**WORK INSTRUCTIONS**
Return the listing below unchanged, but without pictures.

**INFORMATION GIVEN**
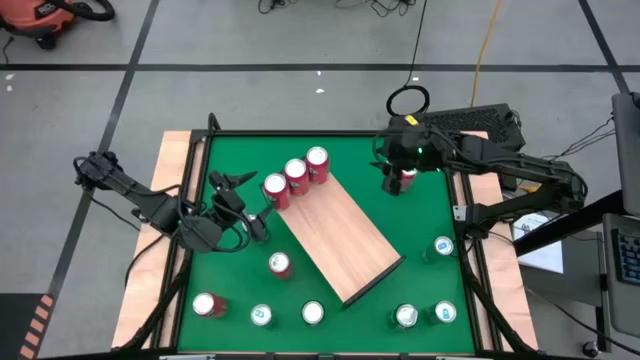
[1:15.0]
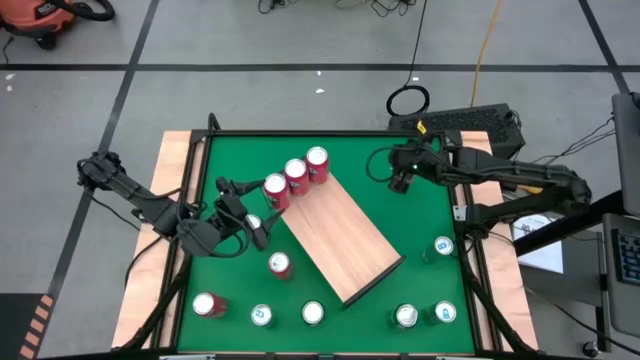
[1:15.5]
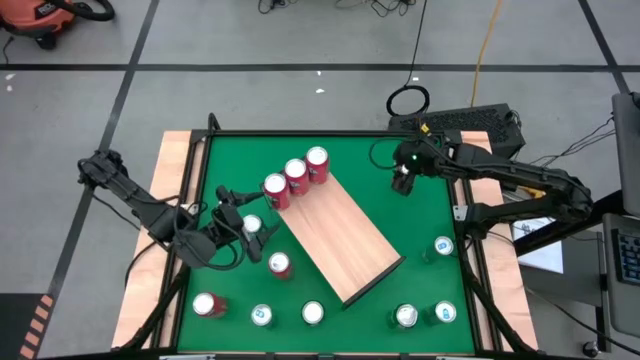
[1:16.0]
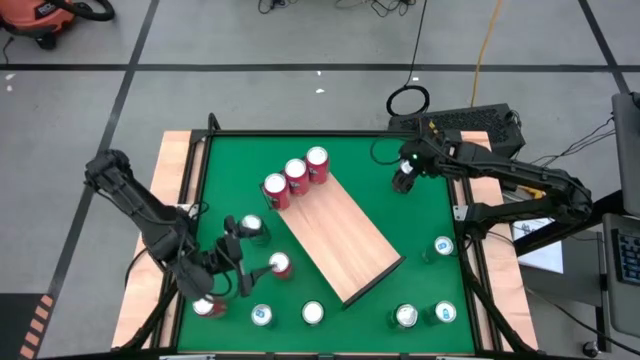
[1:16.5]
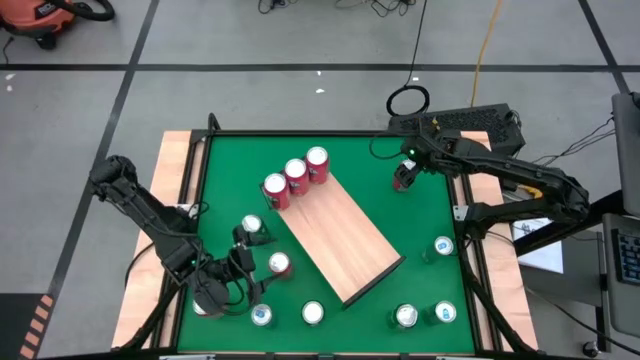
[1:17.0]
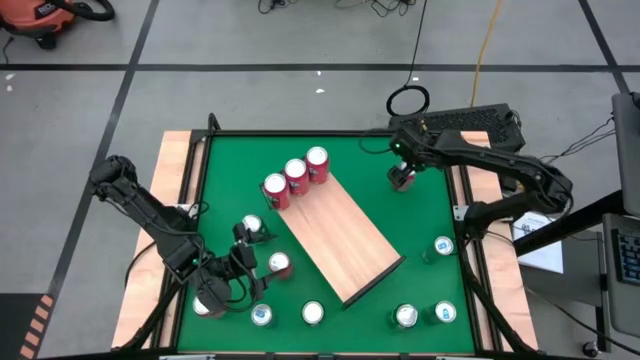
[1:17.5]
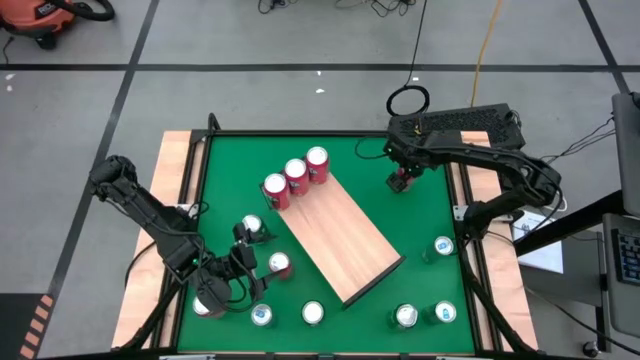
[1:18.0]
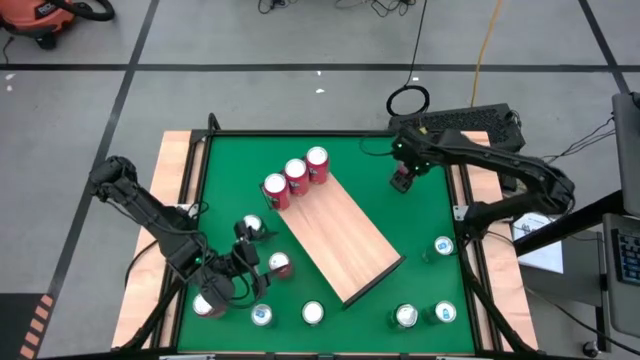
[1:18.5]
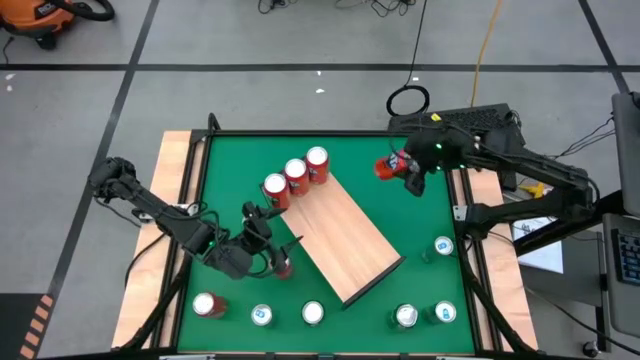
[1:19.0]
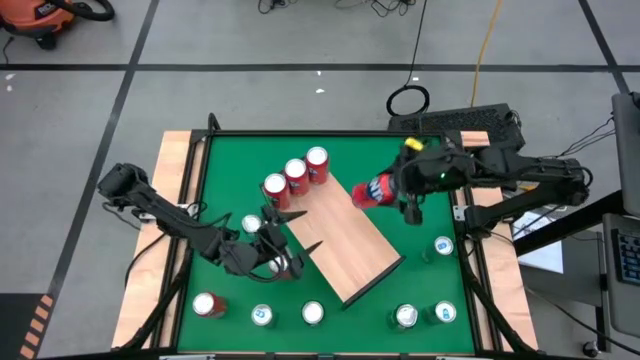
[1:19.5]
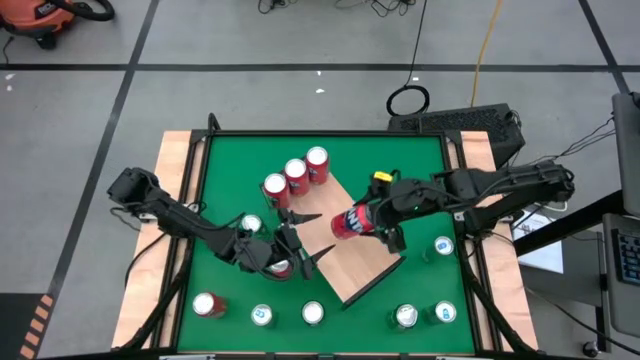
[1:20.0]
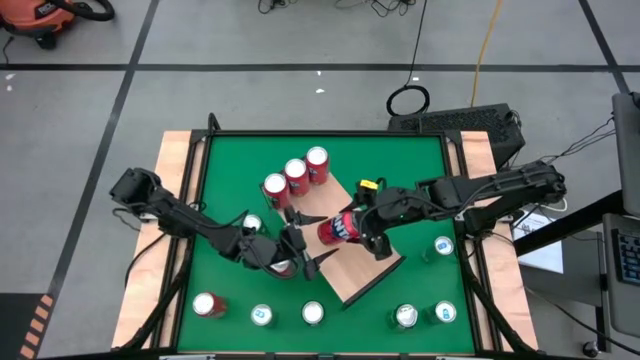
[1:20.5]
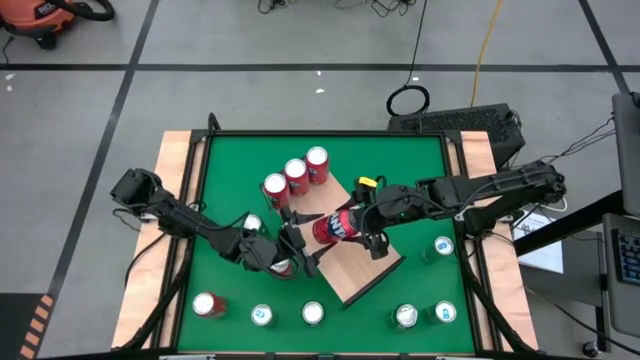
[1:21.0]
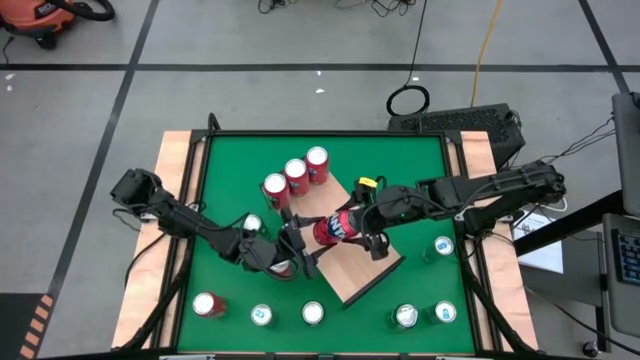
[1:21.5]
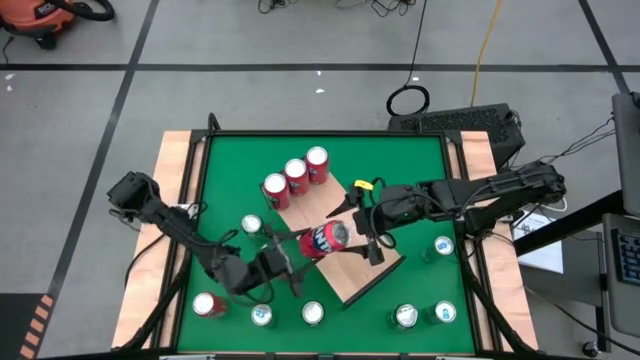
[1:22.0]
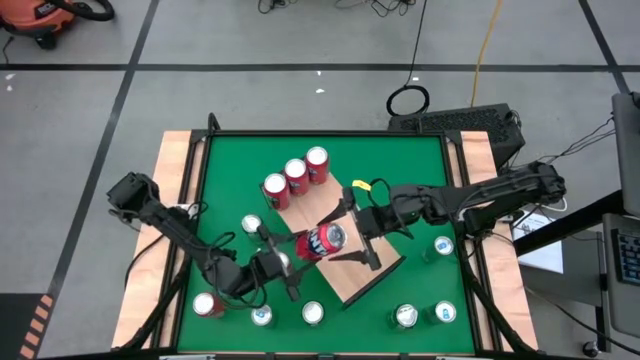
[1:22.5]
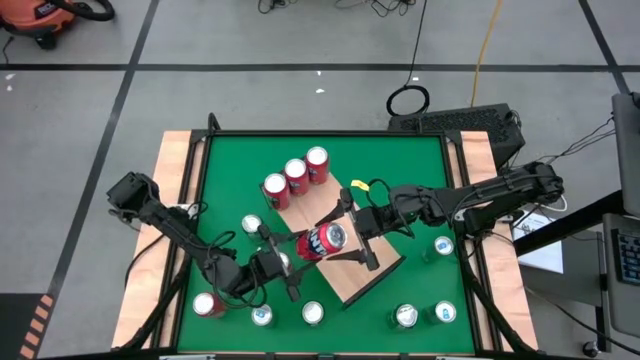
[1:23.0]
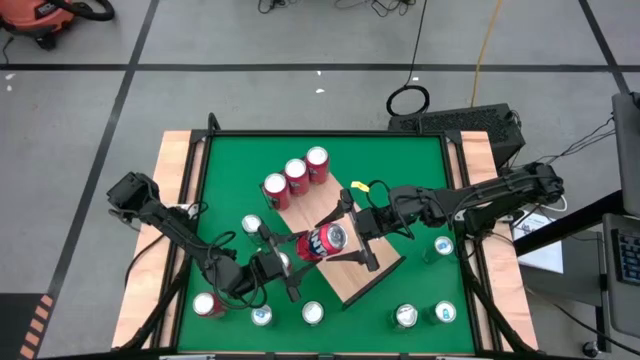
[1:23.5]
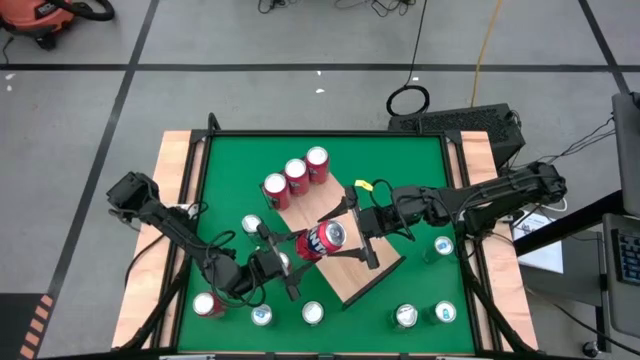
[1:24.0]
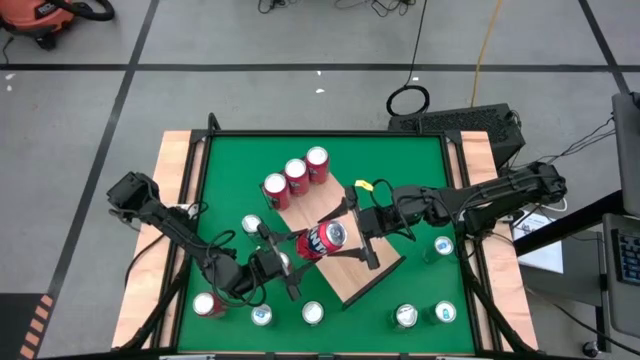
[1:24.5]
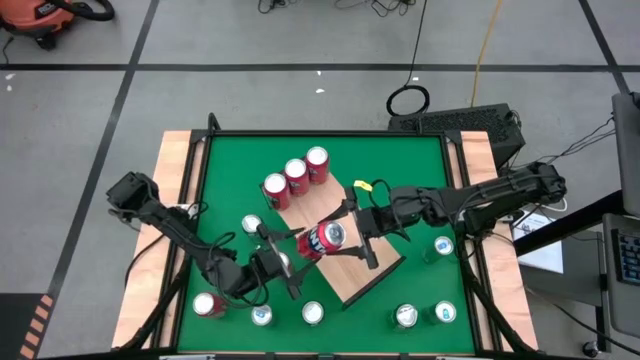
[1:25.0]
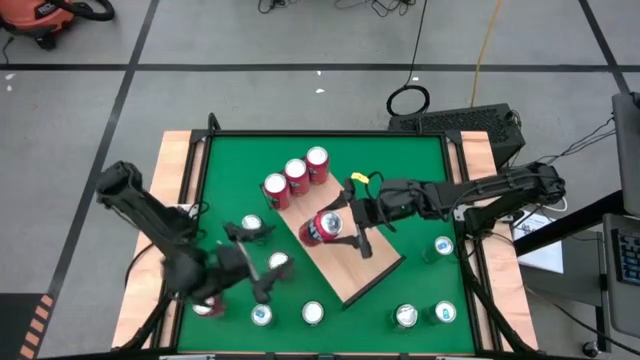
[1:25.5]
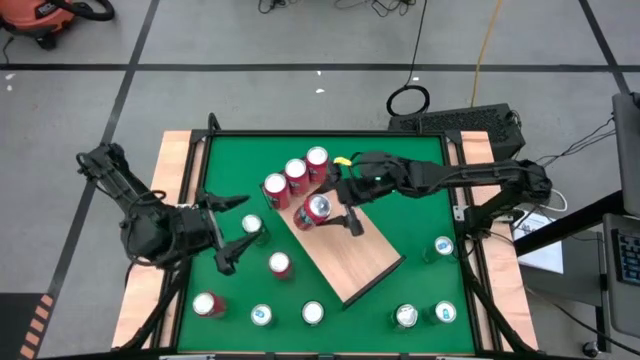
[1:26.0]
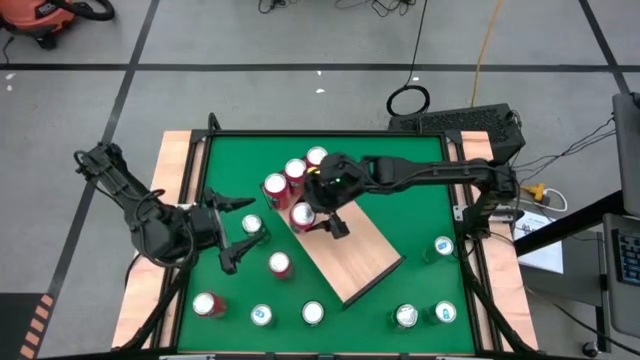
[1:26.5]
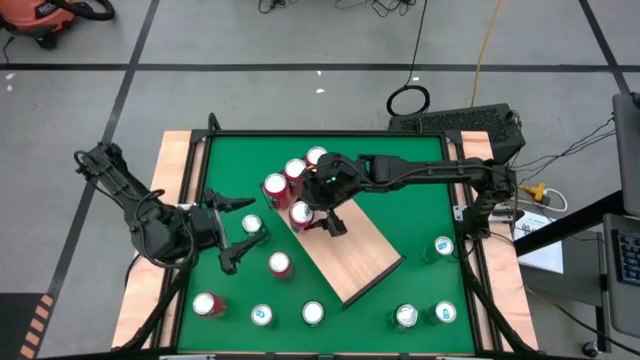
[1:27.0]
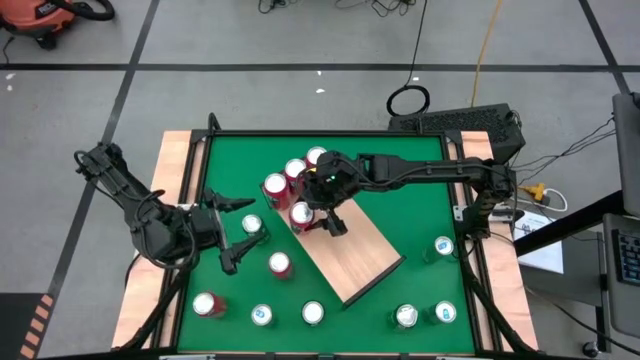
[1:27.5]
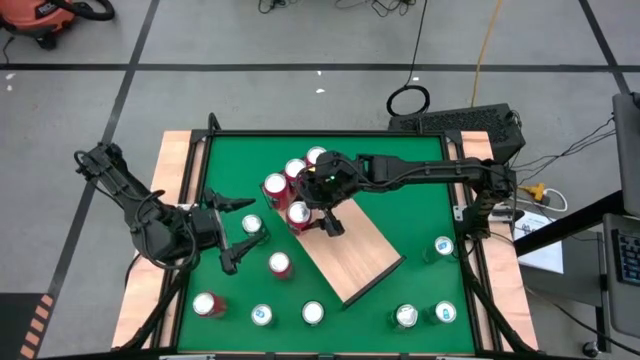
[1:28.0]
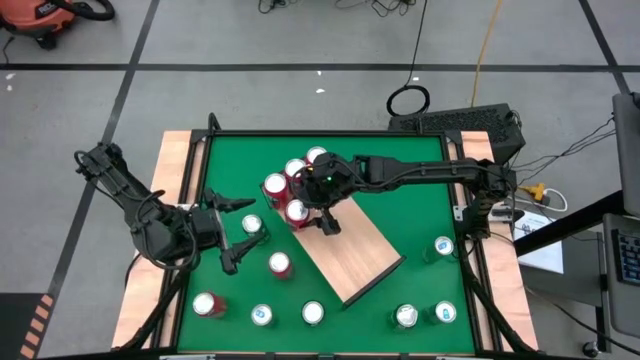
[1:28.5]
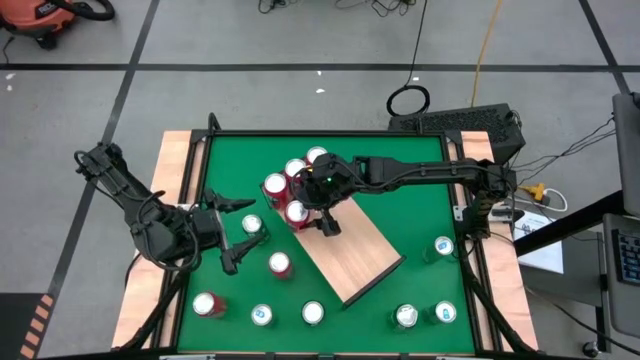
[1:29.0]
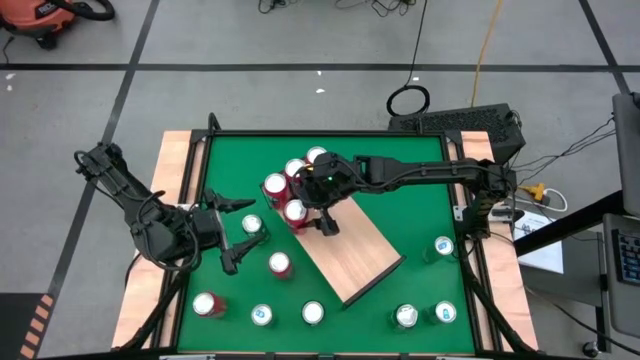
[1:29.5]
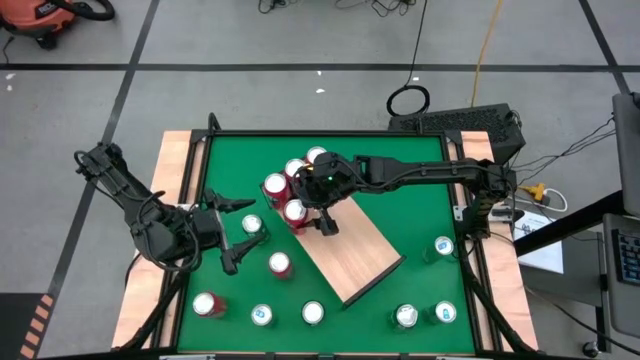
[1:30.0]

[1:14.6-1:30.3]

**OUTPUT OF THE EXERCISE**
[1:15.0]
[1:15.5]
[1:16.0]
[1:16.5]
[1:17.0]
[1:17.5]
[1:18.0]
[1:18.5]
[1:19.0]
[1:19.5]
[1:20.0]
[1:20.5]
[1:21.0]
[1:21.5]
[1:22.0]
[1:22.5]
[1:23.0]
[1:23.5]
[1:24.0]
[1:24.5]
[1:25.0]
[1:25.5]
[1:26.0]
[1:26.5]
[1:27.0]
[1:27.5]
[1:28.0]
[1:28.5]
[1:29.0]
[1:29.5]
[1:30.0]

[1:14.6-1:30.3]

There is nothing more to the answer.